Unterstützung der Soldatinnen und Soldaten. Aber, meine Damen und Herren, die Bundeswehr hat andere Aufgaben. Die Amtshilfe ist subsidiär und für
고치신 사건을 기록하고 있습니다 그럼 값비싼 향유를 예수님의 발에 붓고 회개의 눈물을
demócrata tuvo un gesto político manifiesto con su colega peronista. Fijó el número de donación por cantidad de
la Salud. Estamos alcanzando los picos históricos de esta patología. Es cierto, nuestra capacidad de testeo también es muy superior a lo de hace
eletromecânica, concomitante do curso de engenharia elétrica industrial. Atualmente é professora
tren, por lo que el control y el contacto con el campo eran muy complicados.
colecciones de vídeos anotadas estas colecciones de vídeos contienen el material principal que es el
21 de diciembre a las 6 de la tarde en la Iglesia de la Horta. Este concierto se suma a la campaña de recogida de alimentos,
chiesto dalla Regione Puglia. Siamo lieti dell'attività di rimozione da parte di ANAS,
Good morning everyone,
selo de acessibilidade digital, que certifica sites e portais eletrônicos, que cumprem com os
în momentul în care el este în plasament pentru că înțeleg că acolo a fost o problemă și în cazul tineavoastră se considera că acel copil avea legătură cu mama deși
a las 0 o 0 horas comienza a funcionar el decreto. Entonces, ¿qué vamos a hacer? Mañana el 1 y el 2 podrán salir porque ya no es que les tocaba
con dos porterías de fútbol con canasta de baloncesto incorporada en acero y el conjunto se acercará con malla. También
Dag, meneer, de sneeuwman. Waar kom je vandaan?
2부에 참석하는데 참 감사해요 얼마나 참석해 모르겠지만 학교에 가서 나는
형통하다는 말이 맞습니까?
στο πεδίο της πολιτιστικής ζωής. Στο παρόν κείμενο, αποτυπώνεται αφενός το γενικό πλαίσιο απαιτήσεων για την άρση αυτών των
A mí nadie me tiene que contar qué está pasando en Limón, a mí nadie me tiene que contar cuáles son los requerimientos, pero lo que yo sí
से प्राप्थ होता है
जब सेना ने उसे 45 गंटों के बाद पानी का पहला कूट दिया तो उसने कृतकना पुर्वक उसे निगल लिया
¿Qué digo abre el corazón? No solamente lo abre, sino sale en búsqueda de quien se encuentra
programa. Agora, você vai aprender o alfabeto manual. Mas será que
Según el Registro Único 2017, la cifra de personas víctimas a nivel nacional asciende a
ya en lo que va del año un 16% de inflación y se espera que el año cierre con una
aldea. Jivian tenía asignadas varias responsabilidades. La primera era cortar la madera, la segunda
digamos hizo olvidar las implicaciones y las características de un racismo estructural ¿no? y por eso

■ Description of the task ■
Each record must be printed again, word for word, with nothing dropped.

■ Response ■
Unterstützung der Soldatinnen und Soldaten. Aber, meine Damen und Herren, die Bundeswehr hat andere Aufgaben. Die Amtshilfe ist subsidiär und für
고치신 사건을 기록하고 있습니다 그럼 값비싼 향유를 예수님의 발에 붓고 회개의 눈물을
demócrata tuvo un gesto político manifiesto con su colega peronista. Fijó el número de donación por cantidad de
la Salud. Estamos alcanzando los picos históricos de esta patología. Es cierto, nuestra capacidad de testeo también es muy superior a lo de hace
eletromecânica, concomitante do curso de engenharia elétrica industrial. Atualmente é professora
tren, por lo que el control y el contacto con el campo eran muy complicados.
colecciones de vídeos anotadas estas colecciones de vídeos contienen el material principal que es el
21 de diciembre a las 6 de la tarde en la Iglesia de la Horta. Este concierto se suma a la campaña de recogida de alimentos,
chiesto dalla Regione Puglia. Siamo lieti dell'attività di rimozione da parte di ANAS,
Good morning everyone,
selo de acessibilidade digital, que certifica sites e portais eletrônicos, que cumprem com os
în momentul în care el este în plasament pentru că înțeleg că acolo a fost o problemă și în cazul tineavoastră se considera că acel copil avea legătură cu mama deși
a las 0 o 0 horas comienza a funcionar el decreto. Entonces, ¿qué vamos a hacer? Mañana el 1 y el 2 podrán salir porque ya no es que les tocaba
con dos porterías de fútbol con canasta de baloncesto incorporada en acero y el conjunto se acercará con malla. También
Dag, meneer, de sneeuwman. Waar kom je vandaan?
2부에 참석하는데 참 감사해요 얼마나 참석해 모르겠지만 학교에 가서 나는
형통하다는 말이 맞습니까?
στο πεδίο της πολιτιστικής ζωής. Στο παρόν κείμενο, αποτυπώνεται αφενός το γενικό πλαίσιο απαιτήσεων για την άρση αυτών των
A mí nadie me tiene que contar qué está pasando en Limón, a mí nadie me tiene que contar cuáles son los requerimientos, pero lo que yo sí
से प्राप्थ होता है
जब सेना ने उसे 45 गंटों के बाद पानी का पहला कूट दिया तो उसने कृतकना पुर्वक उसे निगल लिया
¿Qué digo abre el corazón? No solamente lo abre, sino sale en búsqueda de quien se encuentra
programa. Agora, você vai aprender o alfabeto manual. Mas será que
Según el Registro Único 2017, la cifra de personas víctimas a nivel nacional asciende a
ya en lo que va del año un 16% de inflación y se espera que el año cierre con una
aldea. Jivian tenía asignadas varias responsabilidades. La primera era cortar la madera, la segunda
digamos hizo olvidar las implicaciones y las características de un racismo estructural ¿no? y por eso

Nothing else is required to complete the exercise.